=== Begin Enclosure ===

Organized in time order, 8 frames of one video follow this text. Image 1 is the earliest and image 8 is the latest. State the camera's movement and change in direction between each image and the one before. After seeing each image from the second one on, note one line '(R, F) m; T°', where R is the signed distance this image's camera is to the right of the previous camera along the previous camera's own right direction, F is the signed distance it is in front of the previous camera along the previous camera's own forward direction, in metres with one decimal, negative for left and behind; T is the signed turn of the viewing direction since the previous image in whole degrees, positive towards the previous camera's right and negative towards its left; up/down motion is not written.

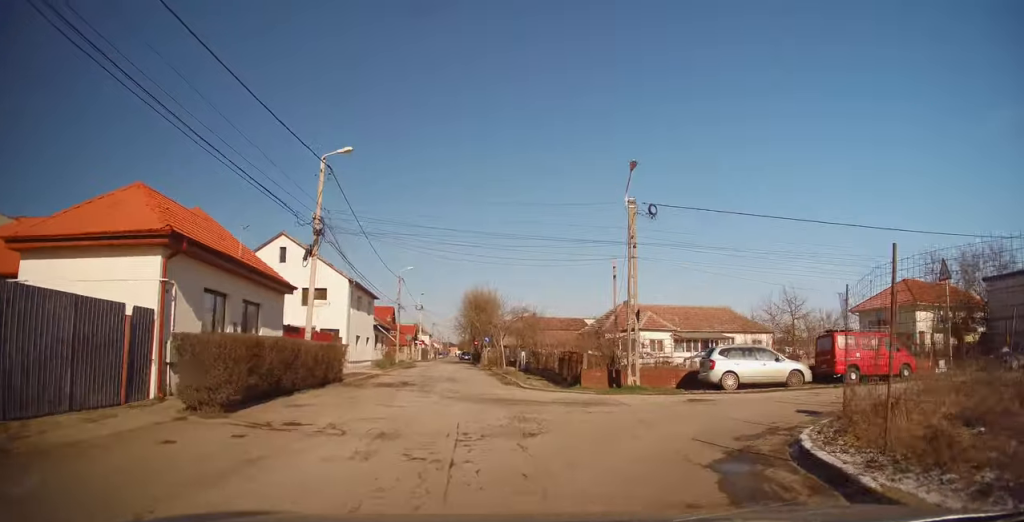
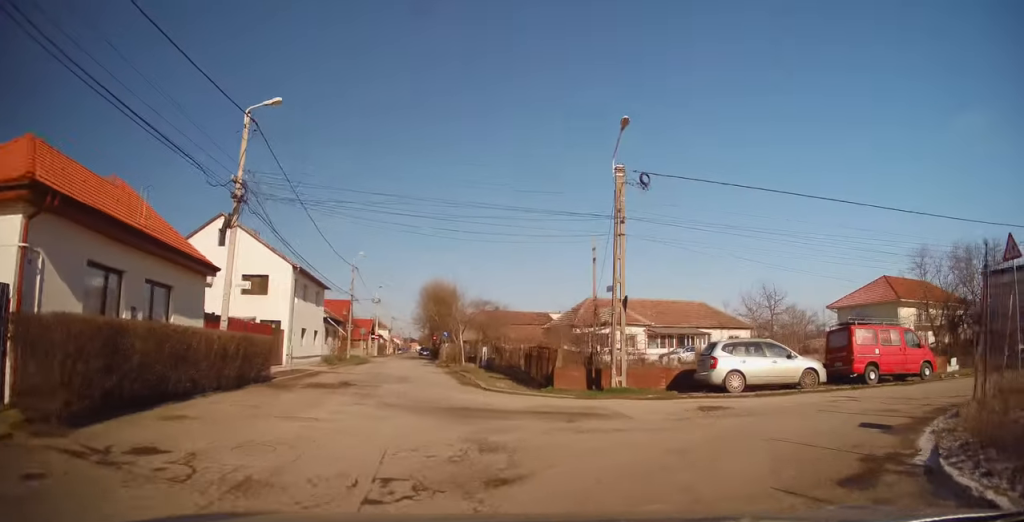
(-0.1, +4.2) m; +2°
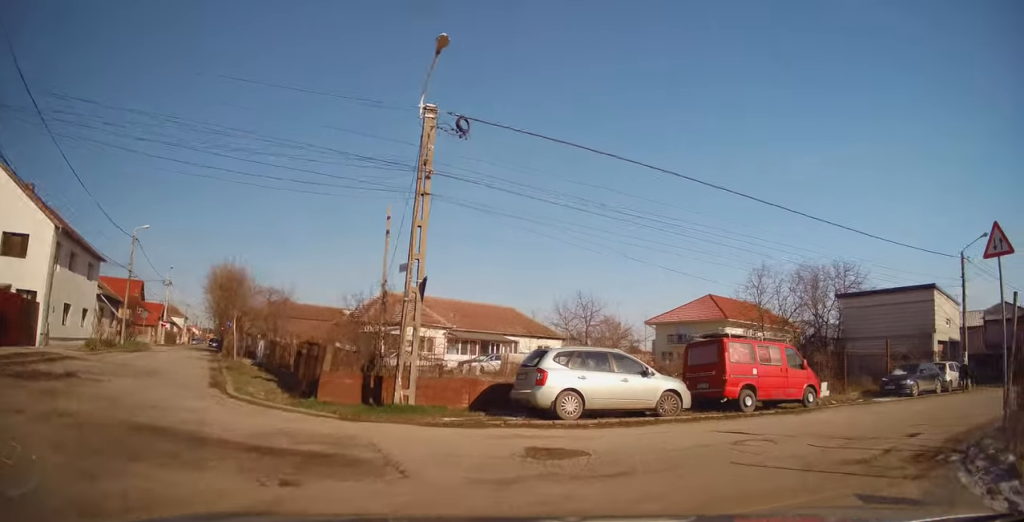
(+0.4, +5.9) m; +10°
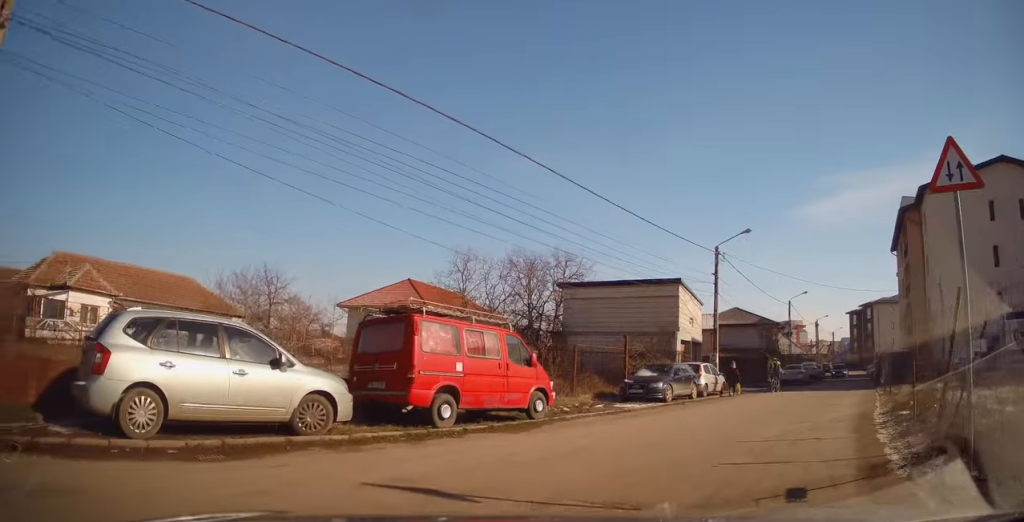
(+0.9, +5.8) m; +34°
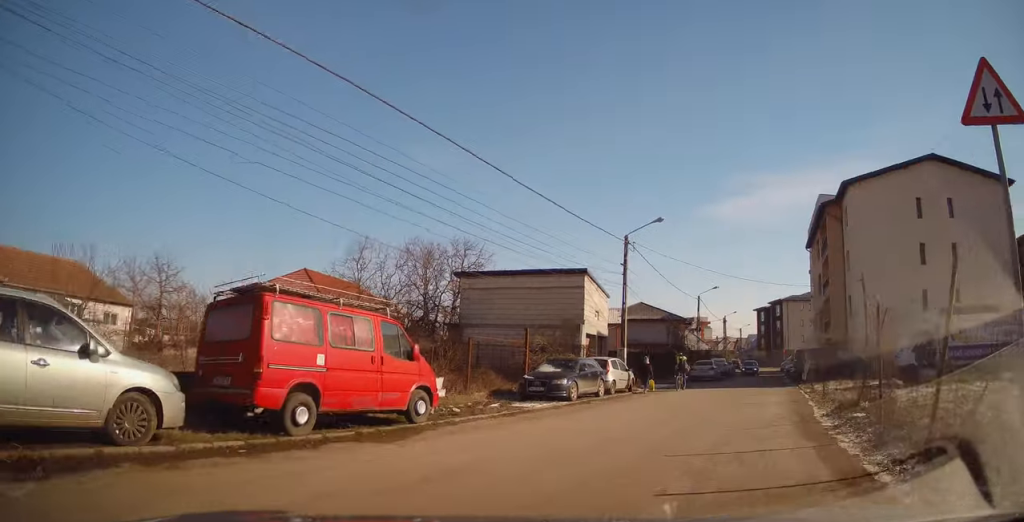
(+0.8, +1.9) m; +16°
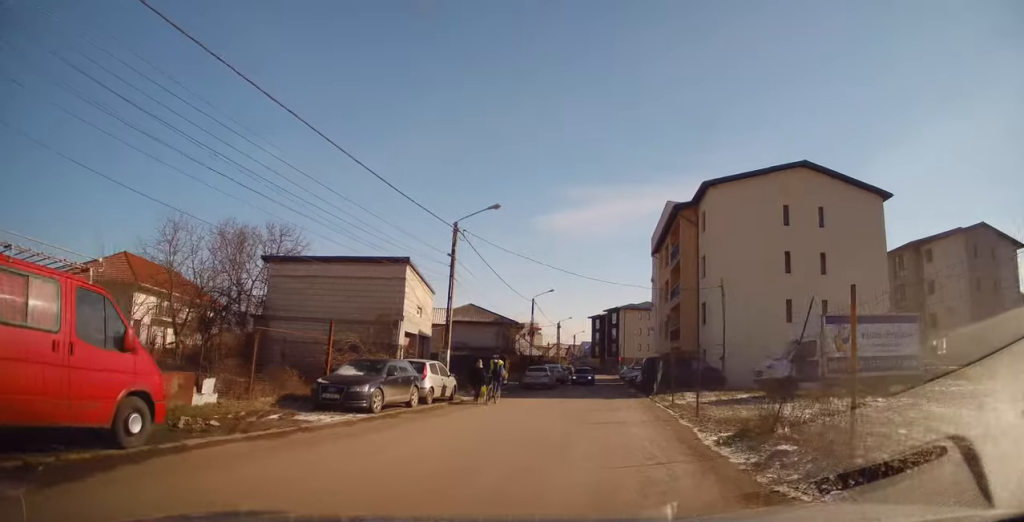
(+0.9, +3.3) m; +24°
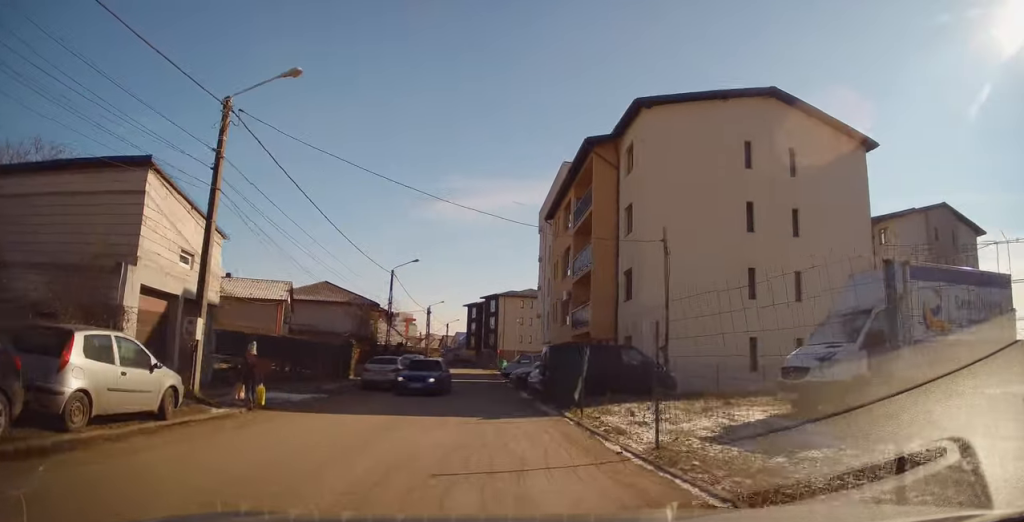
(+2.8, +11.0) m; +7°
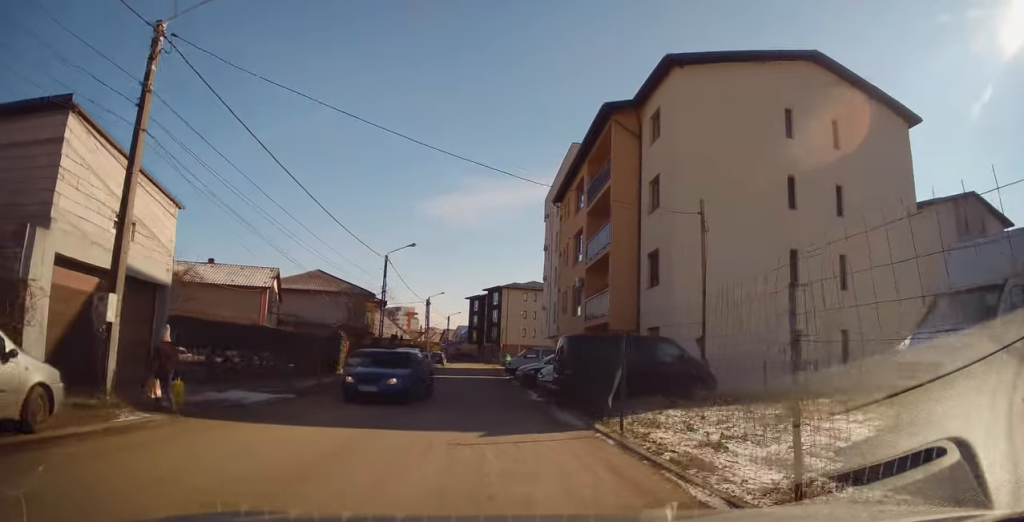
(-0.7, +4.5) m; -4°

=== End Enclosure ===
=== Begin Enclosure ===

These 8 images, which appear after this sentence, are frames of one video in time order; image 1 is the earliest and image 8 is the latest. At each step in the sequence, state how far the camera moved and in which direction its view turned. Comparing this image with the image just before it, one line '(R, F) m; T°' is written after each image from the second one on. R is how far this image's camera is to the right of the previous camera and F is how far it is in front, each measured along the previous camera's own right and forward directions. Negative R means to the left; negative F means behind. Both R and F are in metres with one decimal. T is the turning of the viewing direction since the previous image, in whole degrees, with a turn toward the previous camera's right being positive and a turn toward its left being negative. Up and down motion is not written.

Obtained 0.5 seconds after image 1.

=== End Enclosure ===

▶ _Assignment_
Return a word-for-word copy of the lines above from the one holding "These 8 images, which" through the one holding "Obtained 0.5 seconds after image 1.", with both of them included and nothing besides.

▶ _Exercise solution_
These 8 images, which appear after this sentence, are frames of one video in time order; image 1 is the earliest and image 8 is the latest. At each step in the sequence, state how far the camera moved and in which direction its view turned. Comparing this image with the image just before it, one line '(R, F) m; T°' is written after each image from the second one on. R is how far this image's camera is to the right of the previous camera and F is how far it is in front, each measured along the previous camera's own right and forward directions. Negative R means to the left; negative F means behind. Both R and F are in metres with one decimal. T is the turning of the viewing direction since the previous image, in whole degrees, with a turn toward the previous camera's right being positive and a turn toward its left being negative. Up and down motion is not written.

Obtained 0.5 seconds after image 1.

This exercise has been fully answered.